Find the lines in the entries that follow where the word "Would" occurs, and state how many there are, with no other words.

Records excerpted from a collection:
———
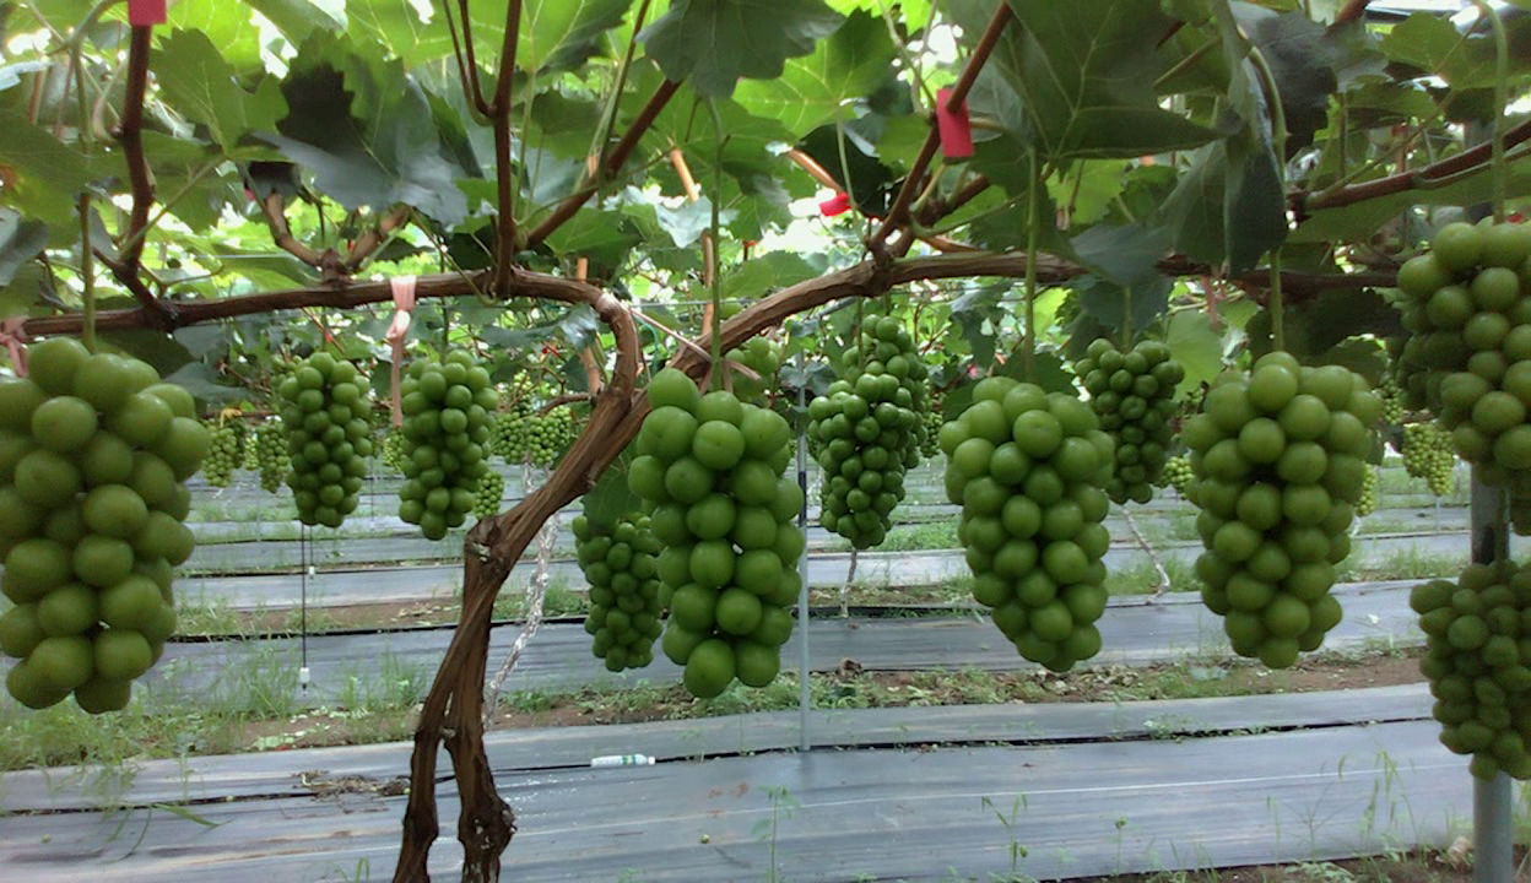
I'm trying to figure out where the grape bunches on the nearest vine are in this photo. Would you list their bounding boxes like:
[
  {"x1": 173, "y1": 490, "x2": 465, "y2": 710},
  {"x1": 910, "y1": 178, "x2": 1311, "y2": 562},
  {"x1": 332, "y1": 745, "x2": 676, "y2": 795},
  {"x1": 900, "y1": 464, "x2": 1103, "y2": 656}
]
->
[
  {"x1": 1408, "y1": 559, "x2": 1530, "y2": 782},
  {"x1": 1179, "y1": 351, "x2": 1385, "y2": 671},
  {"x1": 0, "y1": 336, "x2": 210, "y2": 715},
  {"x1": 1397, "y1": 216, "x2": 1529, "y2": 537},
  {"x1": 628, "y1": 368, "x2": 805, "y2": 699},
  {"x1": 938, "y1": 375, "x2": 1115, "y2": 673}
]
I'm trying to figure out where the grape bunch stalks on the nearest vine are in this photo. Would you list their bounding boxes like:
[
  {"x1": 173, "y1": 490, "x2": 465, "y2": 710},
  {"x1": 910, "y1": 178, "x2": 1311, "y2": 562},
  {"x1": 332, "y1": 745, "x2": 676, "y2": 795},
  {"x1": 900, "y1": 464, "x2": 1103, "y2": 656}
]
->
———
> [Finished exercise]: 2